Por meio do presente Termo de Consentimento, o Representante Legal da Paciente dá expressa e plena autorização à médica, Dra. Mariana Burin Grohe, inscrita no CRM sob o nº 44109/PR, RQE sob o nº 27147, com formação em Ginecologia e Obstetrícia, para realizar o atendimento de consulta à distância (teleconsulta) através de  dispositivos eletrônicos.

Eu, Representante Legal da Paciente, declaro que enviarei ao e-mail/Whatsapp da médica Dra. Mariana (dramarianaburin@gmail.com / 41 99222-2208), a formalização expressa de minha ciência e anuência ao conteúdo deste Termo juntamente com uma foto selfie minha, segurando meu documento de identidade, e também uma foto do documento de identidade da Paciente.
Como Representante Legal da Paciente, estou ciente de que deverei estar presente no início da Teleconsulta e que, após o recebimento das informações pertinentes fornecidas pela médica, a Teleconsulta continuará apenas com a Paciente, conforme orientação da médica.

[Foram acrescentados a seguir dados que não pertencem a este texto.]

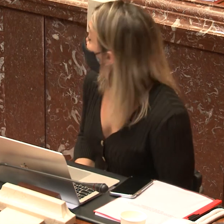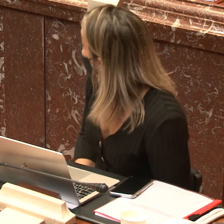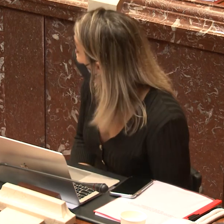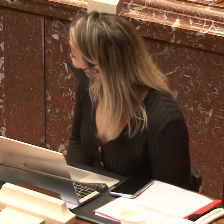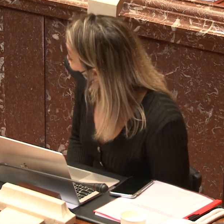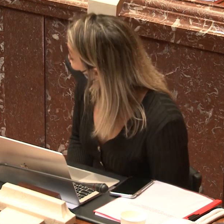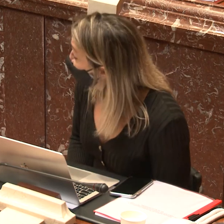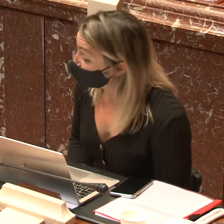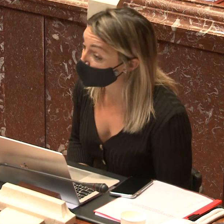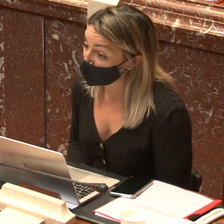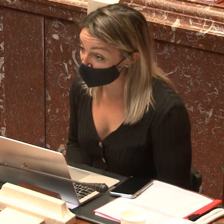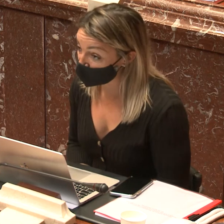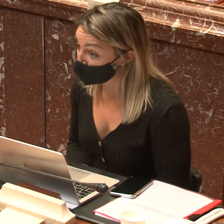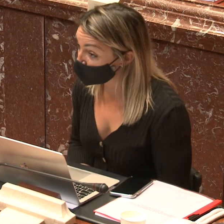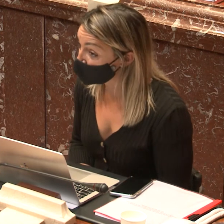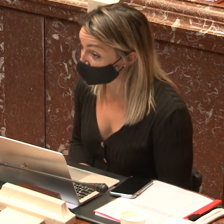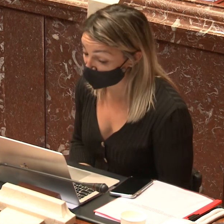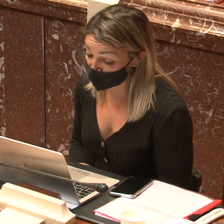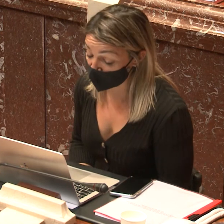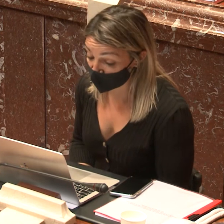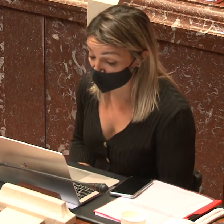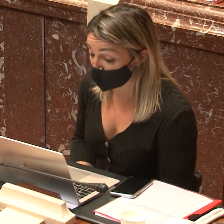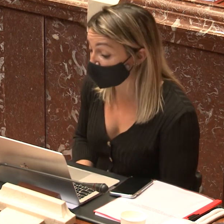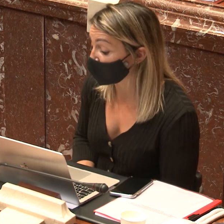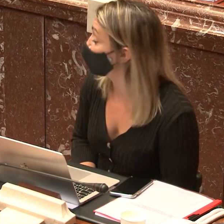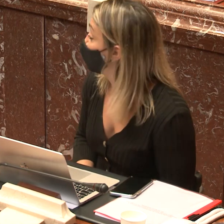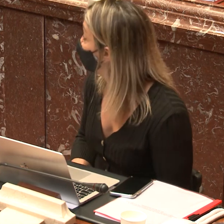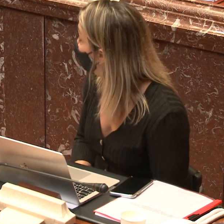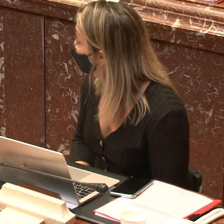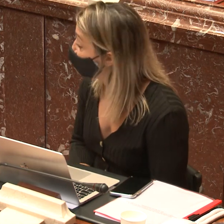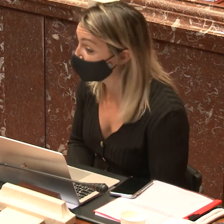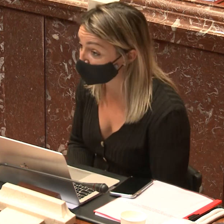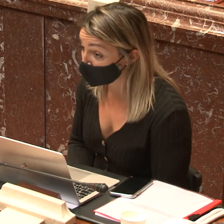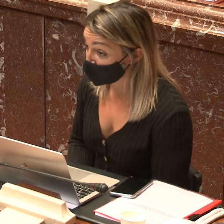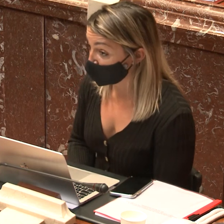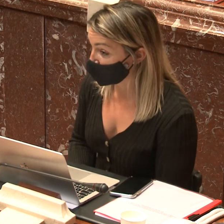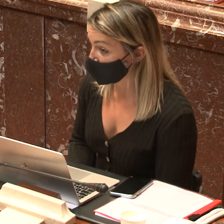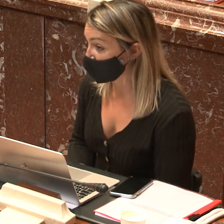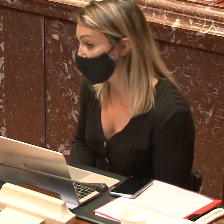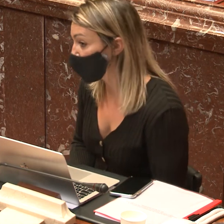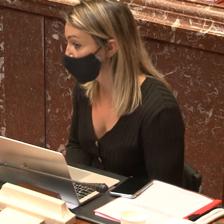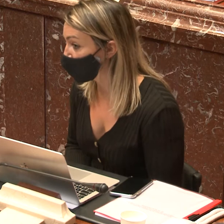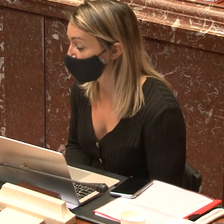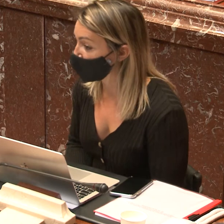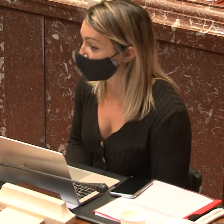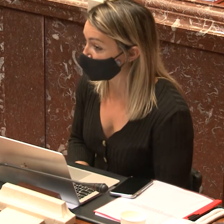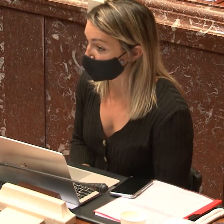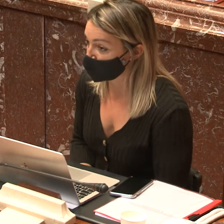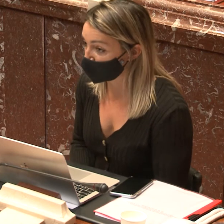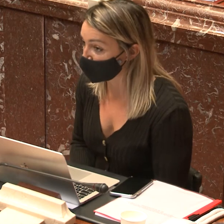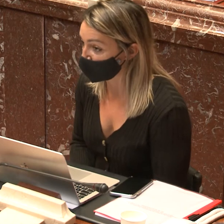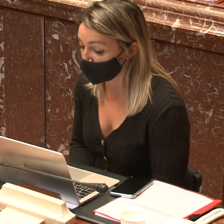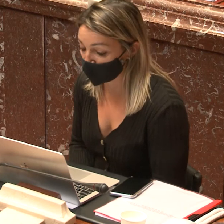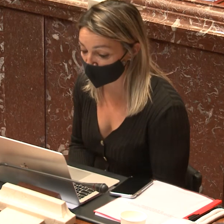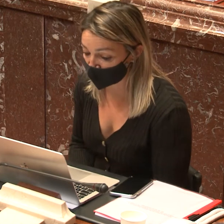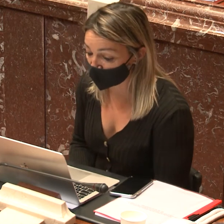Por supuesto, dimos buena cuenta de ello aquí en la Asamblea Regional y registramos las iniciativas en grado, a lo mejor, de lo que nosotras

Do Atendimento por Teleconsulta – Modalidade de Vídeoconsulta:

  1. O atendimento à distância é limitado, por não permitir a realização de exame físico presencial. Poderão ser executadas algumas manobras de telepropedêutica, que é o exame físico à distância. Assim, para garantir o bom aproveitamento da consulta, é ainda mais importante comunicar à médica todos os dados e informações possíveis, não omitindo nenhuma informação referente à sua saúde, colaborando assim para o bom aproveitamento desta consulta.
  2. Poderá ser necessário, a critério da médica, a realização de exames complementares para auxiliar no diagnóstico; (a) é importante estar ciente de que, mesmo após a Teleconsulta, poderá ser necessária a presença da paciente no consultório médico para uma avaliação presencial; ou (b) a depender da hipótese diagnóstica durante a Teleconsulta, poderá ser necessário o encaminhamento a um serviço de pronto atendimento (ou a outra consulta presencial com outro profissional médico).
  • A Teleconsulta, tal qual a consulta presencial, tem seu tempo delimitado em 45 (quarenta e cinco) minutos, restritos ao horário préviamente agendado. As Teleconsultas de retorno terão o tempo de duração delimitado em 30 (trinta) minutos. Não há obrigatoriedade por parte da médica de atendimento em outro horário que não tenha sido acordado previamente entre as partes.
  1. A Teleconsulta será realizada pela plataforma determinada pela médica e os dados de saúde da paciente serão armazenados em prontuário médico sob guarda da médica, de acordo com as exigências preconizadas pelo Conselho Federal de Medicina.
  2. Os receituários, termos, declarações e atestados serão encaminhados via plataforma durante ou logo após a consulta e serão validados eletronicamente.
  3. A paciente está ciente de que a Teleconsulta é restrita apenas à especialidade Ginecológica. A especialidade de Obstetrícia (que atende a gestantes) não está contemplada nesta Teleconsulta.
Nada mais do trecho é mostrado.